O Ben Mendelsohn é uma das melhores coisas do filme e até acho que o filme poderia ter se utilizando mais do seu casting inteligente no começo do longa. O Ben consegue de uma forma muito legal usar todas as chances que tem para se destacar mais do que costuma se destacar nesses blockbusters que faz trazendo o que é esperado da sua presença marcante mas adicionando uma emoção certeira a reviravolta do seu personagem que aparece de forma clara mesmo com ele coberto por maquiagem assim como nas cenas de humor muito bem colocadas. O Jude Law não está ruim e nem bom só está genérico, a Annette Bening é levemente desperdiçada apesar das ótimas sacadas em torno do seu relacionamento com Carol e a forma como uma mulher vê a outra e a significativa ação que diz muito mais do que só o que aparece em tela, porém ela poderia ter sido mais usada e por último mas nada menos importante a Lashana Lynch rouba todas as cenas que tem conseguindo trazer muita emoção e um senso genuíno pro relacionamento entre Maria e Carol.

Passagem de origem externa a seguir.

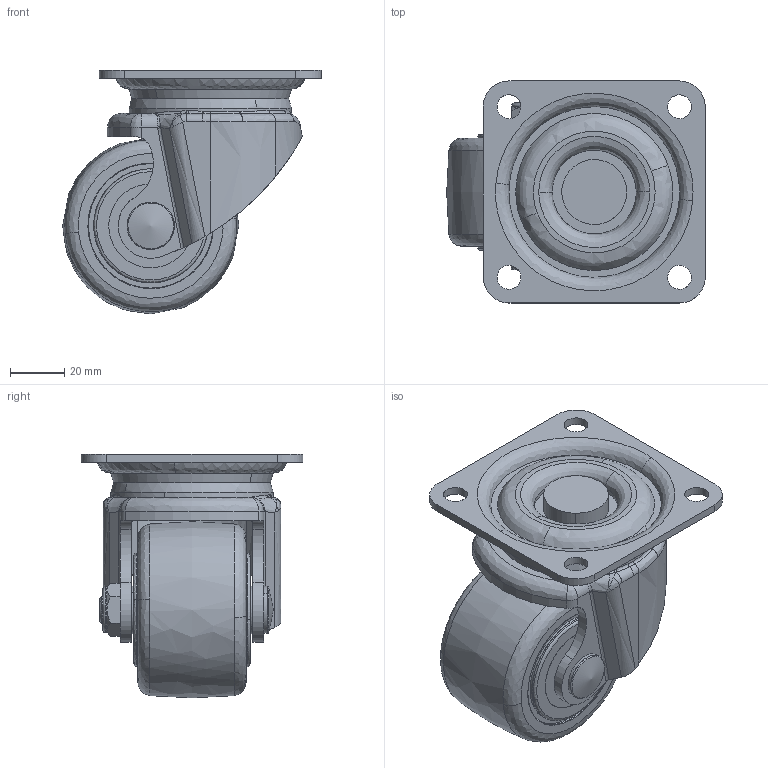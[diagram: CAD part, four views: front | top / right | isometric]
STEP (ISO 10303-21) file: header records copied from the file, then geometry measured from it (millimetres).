
FILE_DESCRIPTION((''),'2;1');
FILE_NAME('','2007-04-02T16:24:44',(''),(''),'','CADfix','');
FILE_SCHEMA(('AUTOMOTIVE_DESIGN { 1 0 10303 214 1 1 1 1 }'));
Length unit declared in the file: millimetre
Bounding box: 95.5 x 82 x 90 mm (x, y, z)
Volume: 225716.9 mm3; surface area: 63460.7 mm2
Topology: 7 solids, 7 shells, 282 faces, 975 edges, 724 vertices
Faces by surface type: bspline 282
Entity records: 19142 total; most frequent: CARTESIAN_POINT 13419, ORIENTED_EDGE 1946, EDGE_CURVE 973, B_SPLINE_CURVE_WITH_KNOTS 751, VERTEX_POINT 724, EDGE_LOOP 323, FACE_OUTER_BOUND 282, ADVANCED_FACE 282
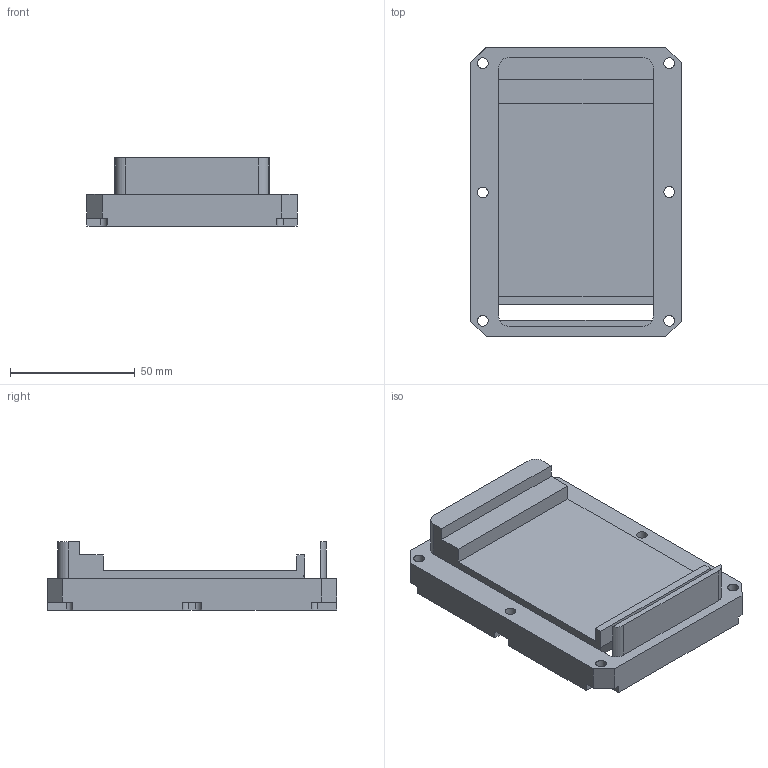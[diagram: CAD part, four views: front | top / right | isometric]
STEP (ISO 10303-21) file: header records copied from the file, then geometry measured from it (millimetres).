
FILE_DESCRIPTION(/* description */ (''),/* implementation_level */ '2;1');
FILE_NAME(/* name */ '1006315G-Modified.step',/* time_stamp */ '2022-06-30T09:24:56-06:00',/* author */ (''),/* organization */ (''),/* preprocessor_version */ 'ST-DEVELOPER v19',/* originating_system */ 'Autodesk Translation Framework v11.7.0.108',/* authorisation */ '');
FILE_SCHEMA (('AUTOMOTIVE_DESIGN { 1 0 10303 214 3 1 1 }'));
Length unit declared in the file: inch
Products named in the file (1): (Unsaved)
Bounding box: 84.2 x 116.05 x 27.33 mm (x, y, z)
Volume: 143522.3 mm3; surface area: 31025.1 mm2
Topology: 1 solids, 1 shells, 71 faces, 204 edges, 135 vertices
Faces by surface type: plane 51, cylinder 20
Full cylindrical faces by diameter (mm): 4.318 x6
Entity records: 2377 total; most frequent: CARTESIAN_POINT 411, ORIENTED_EDGE 408, DIRECTION 388, EDGE_CURVE 204, LINE 164, VECTOR 164, VERTEX_POINT 135, AXIS2_PLACEMENT_3D 112
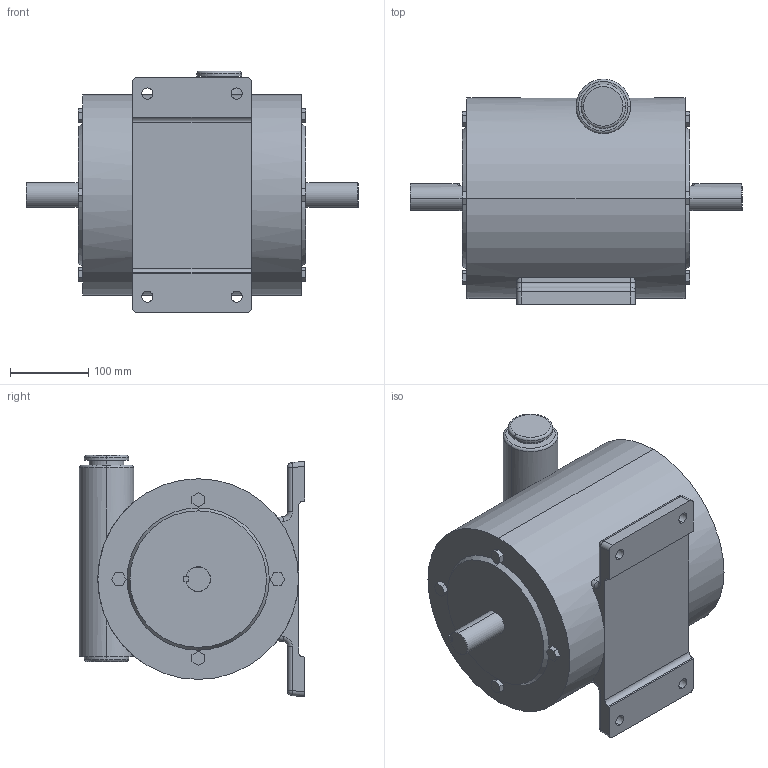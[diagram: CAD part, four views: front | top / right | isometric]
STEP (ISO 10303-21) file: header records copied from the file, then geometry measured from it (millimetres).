
FILE_DESCRIPTION (( 'STEP AP203' ), '1' );
FILE_NAME ('DD15A.step', '2011-08-15T12:16:57', ( '' ), ( '' ), 'SwSTEP 2.0', 'SolidWorks 2010', '' );
FILE_SCHEMA (( 'CONFIG_CONTROL_DESIGN' ));
Length unit declared in the file: inch
Products named in the file (1): DD15A
Bounding box: 425.45 x 288.93 x 309.56 mm (x, y, z)
Volume: 16212328.2 mm3; surface area: 444251.6 mm2
Topology: 1 solids, 1 shells, 163 faces, 396 edges, 248 vertices
Faces by surface type: plane 96, cylinder 43, torus 10, cone 10, sphere 4
Entity records: 5116 total; most frequent: CARTESIAN_POINT 1169, DIRECTION 812, ORIENTED_EDGE 784, EDGE_CURVE 392, AXIS2_PLACEMENT_3D 274, VECTOR 264, LINE 264, VERTEX_POINT 248
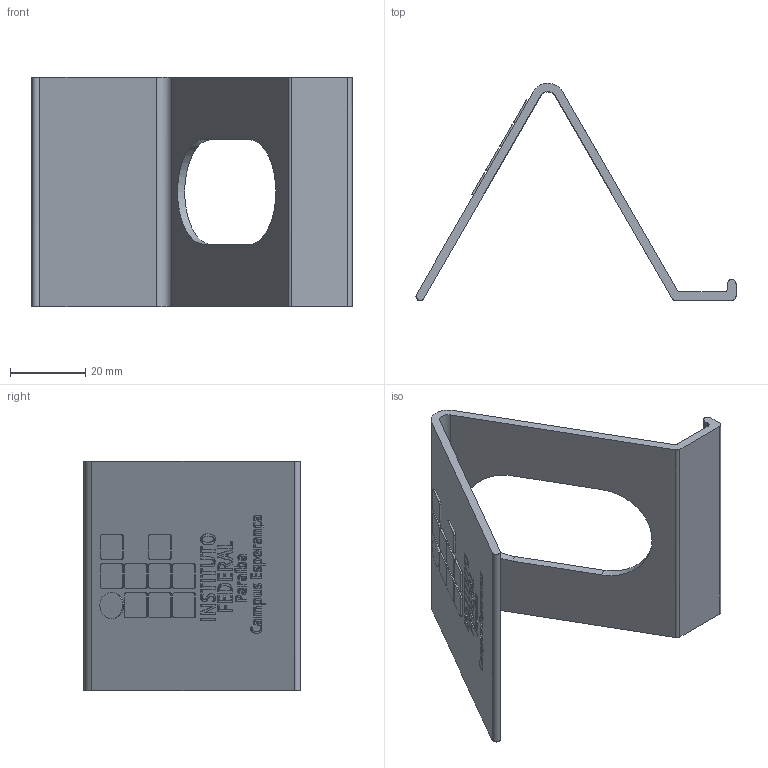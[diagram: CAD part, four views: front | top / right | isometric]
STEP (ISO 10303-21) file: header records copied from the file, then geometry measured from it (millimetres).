
FILE_DESCRIPTION(('FreeCAD Model'),'2;1');
FILE_NAME('Open CASCADE Shape Model','2025-05-03T21:14:24',('FreeCAD'),( 'FreeCAD'),'Open CASCADE STEP processor 7.6','FreeCAD','Unknown');
FILE_SCHEMA(('AUTOMOTIVE_DESIGN { 1 0 10303 214 1 1 1 1 }'));
Length unit declared in the file: millimetre
Products named in the file (1): Open CASCADE STEP translator 7.6 1
Bounding box: 85.13 x 57.75 x 61.14 mm (x, y, z)
Volume: 17883.5 mm3; surface area: 17496.7 mm2
Topology: 1 solids, 1 shells, 946 faces, 2640 edges, 1760 vertices
Faces by surface type: bspline 946
Entity records: 33193 total; most frequent: CARTESIAN_POINT 17081, ORIENTED_EDGE 5280, EDGE_CURVE 2640, B_SPLINE_CURVE_WITH_KNOTS 2546, VERTEX_POINT 1760, FACE_BOUND 1012, EDGE_LOOP 1012, ADVANCED_FACE 946
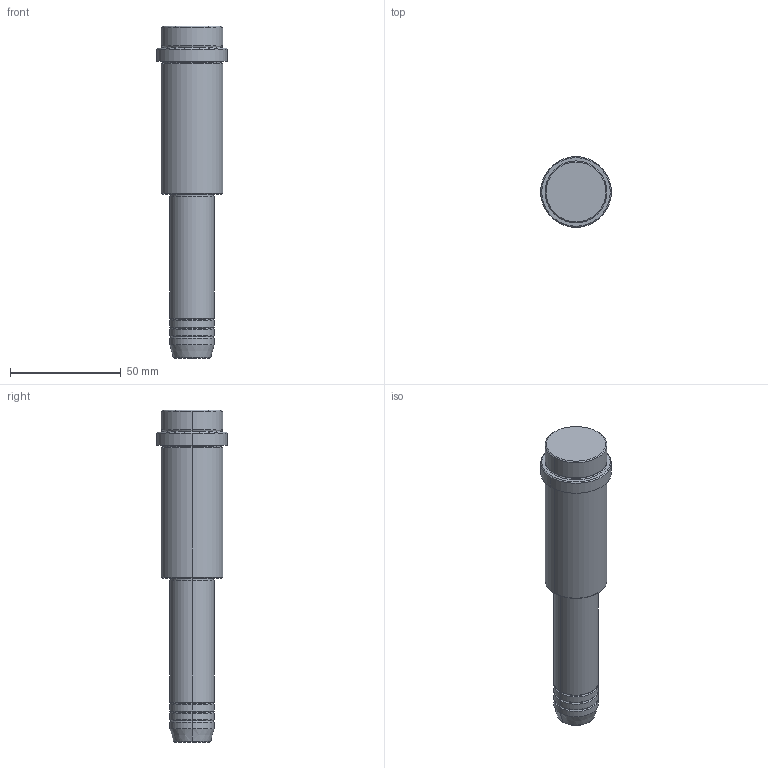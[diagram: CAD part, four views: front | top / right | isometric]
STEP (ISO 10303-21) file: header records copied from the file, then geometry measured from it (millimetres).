
FILE_DESCRIPTION (( 'STEP AP203' ), '1' );
FILE_NAME ('b9b0.STEP', '2024-01-08T18:25:37', ( '' ), ( '' ), 'SwSTEP 2.0', 'SolidWorks 2019', '' );
FILE_SCHEMA (( 'CONFIG_CONTROL_DESIGN' ));
Length unit declared in the file: millimetre
Products named in the file (1): b9b0
Bounding box: 32 x 32 x 150 mm (x, y, z)
Volume: 70682.4 mm3; surface area: 13070.2 mm2
Topology: 1 solids, 1 shells, 52 faces, 102 edges, 56 vertices
Faces by surface type: torus 22, cylinder 16, cone 8, plane 6
Entity records: 1413 total; most frequent: DIRECTION 286, CARTESIAN_POINT 211, ORIENTED_EDGE 204, AXIS2_PLACEMENT_3D 131, EDGE_CURVE 102, CIRCLE 78, EDGE_LOOP 56, VERTEX_POINT 56
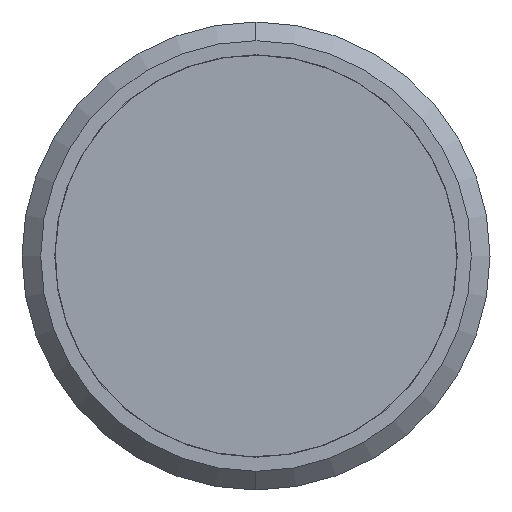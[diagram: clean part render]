
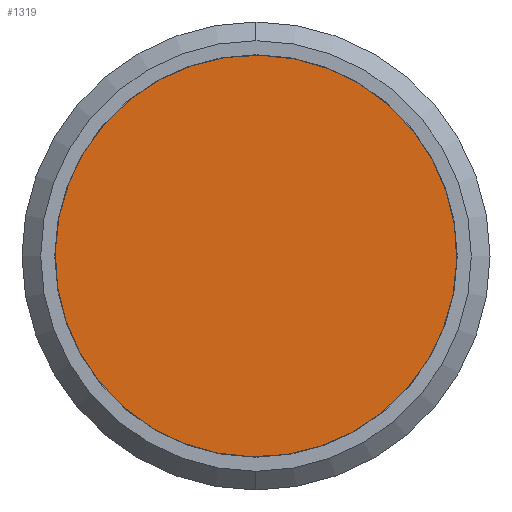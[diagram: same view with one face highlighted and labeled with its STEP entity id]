
A CAD part, left-side view. The second image highlights one B-rep face of the part: STEP entity #1319.
In plain terms, the highlighted planar face has unit normal (-1, 0, 0).
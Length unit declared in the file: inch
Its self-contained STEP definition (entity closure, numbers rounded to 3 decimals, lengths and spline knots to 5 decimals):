
#4 = DIRECTION ( 'NONE',  ( -1., 0., 0. ) ) ;
#86 = AXIS2_PLACEMENT_3D ( 'NONE', #235, #4, #344 ) ;
#233 = CARTESIAN_POINT ( 'NONE',  ( 0., 0.49709, 0.09919 ) ) ;
#235 = CARTESIAN_POINT ( 'NONE',  ( 0., 0., 0. ) ) ;
#242 = AXIS2_PLACEMENT_3D ( 'NONE', #1450, #1462, #1325 ) ;
#276 = FACE_OUTER_BOUND ( 'NONE', #503, .T. ) ;
#344 = DIRECTION ( 'NONE',  ( 0., 0.981, 0.196 ) ) ;
#370 = DIRECTION ( 'NONE',  ( 0., -0.981, -0.196 ) ) ;
#431 = EDGE_CURVE ( 'NONE', #908, #432, #1090, .T. ) ;
#432 = VERTEX_POINT ( 'NONE', #233 ) ;
#503 = EDGE_LOOP ( 'NONE', ( #1296, #1094 ) ) ;
#613 = DIRECTION ( 'NONE',  ( -1., 0., 0. ) ) ;
#739 = CARTESIAN_POINT ( 'NONE',  ( 0., 0., 0. ) ) ;
#908 = VERTEX_POINT ( 'NONE', #923 ) ;
#923 = CARTESIAN_POINT ( 'NONE',  ( 0., -0.49709, -0.09919 ) ) ;
#931 = EDGE_CURVE ( 'NONE', #432, #908, #1010, .T. ) ;
#1010 = CIRCLE ( 'NONE', #242, 0.50689 ) ;
#1090 = CIRCLE ( 'NONE', #86, 0.50689 ) ;
#1094 = ORIENTED_EDGE ( 'NONE', *, *, #431, .T. ) ;
#1226 = PLANE ( 'NONE',  #1322 ) ;
#1296 = ORIENTED_EDGE ( 'NONE', *, *, #931, .T. ) ;
#1319 = ADVANCED_FACE ( 'NONE', ( #276 ), #1226, .T. ) ;
#1322 = AXIS2_PLACEMENT_3D ( 'NONE', #739, #613, #370 ) ;
#1325 = DIRECTION ( 'NONE',  ( 0., 0.981, 0.196 ) ) ;
#1450 = CARTESIAN_POINT ( 'NONE',  ( 0., 0., 0. ) ) ;
#1462 = DIRECTION ( 'NONE',  ( -1., 0., 0. ) ) ;
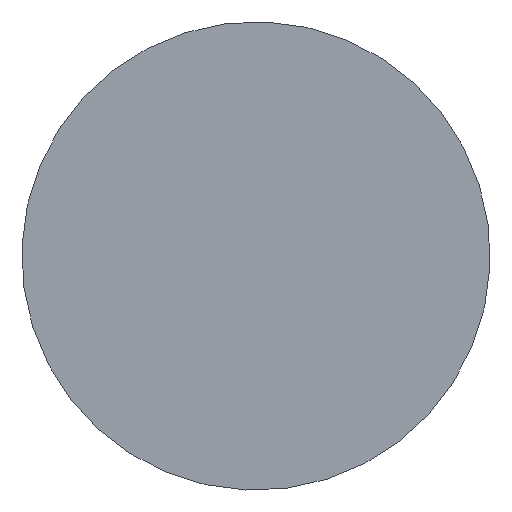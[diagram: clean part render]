
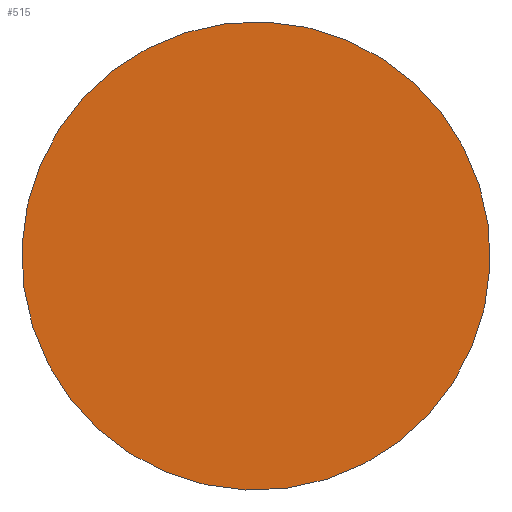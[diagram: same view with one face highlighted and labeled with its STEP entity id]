
A CAD part, front view. The second image highlights one B-rep face of the part: STEP entity #515.
In plain terms, the highlighted planar face has unit normal (0, -1, 0).
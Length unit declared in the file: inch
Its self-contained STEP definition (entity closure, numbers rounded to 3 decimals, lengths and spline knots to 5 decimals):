
#145=FACE_OUTER_BOUND('',#196,.T.);
#196=EDGE_LOOP('',(#430));
#220=CIRCLE('',#581,1.);
#261=VERTEX_POINT('',#1122);
#318=EDGE_CURVE('',#261,#261,#220,.T.);
#430=ORIENTED_EDGE('',*,*,#318,.T.);
#445=PLANE('',#582);
#515=ADVANCED_FACE('',(#145),#445,.T.);
#581=AXIS2_PLACEMENT_3D('',#1123,#722,#723);
#582=AXIS2_PLACEMENT_3D('',#1124,#724,#725);
#722=DIRECTION('center_axis',(0.,-1.,0.));
#723=DIRECTION('ref_axis',(0.461,0.,-0.888));
#724=DIRECTION('center_axis',(0.,-1.,0.));
#725=DIRECTION('ref_axis',(0.461,0.,-0.888));
#1122=CARTESIAN_POINT('',(0.4608,-5.64125,-0.8875));
#1123=CARTESIAN_POINT('Origin',(0.,-5.64125,
0.));
#1124=CARTESIAN_POINT('Origin',(0.41472,-5.64125,-0.79875));

No geral, Capitã Marvel não chega a ser um dos melhores filmes do MCU, mas também é melhor do que muitos filmes do estúdio e está longe de ser um dos piores. Existem problemas, mas existem grandes acertos e um filme bem divertido também. É um bom filme. Não um grande filme, mas um bom filme. Felizmente nós não precisamos viver num mundo 8 ou 80 mesmo que as pessoas tenham se esquecido disso.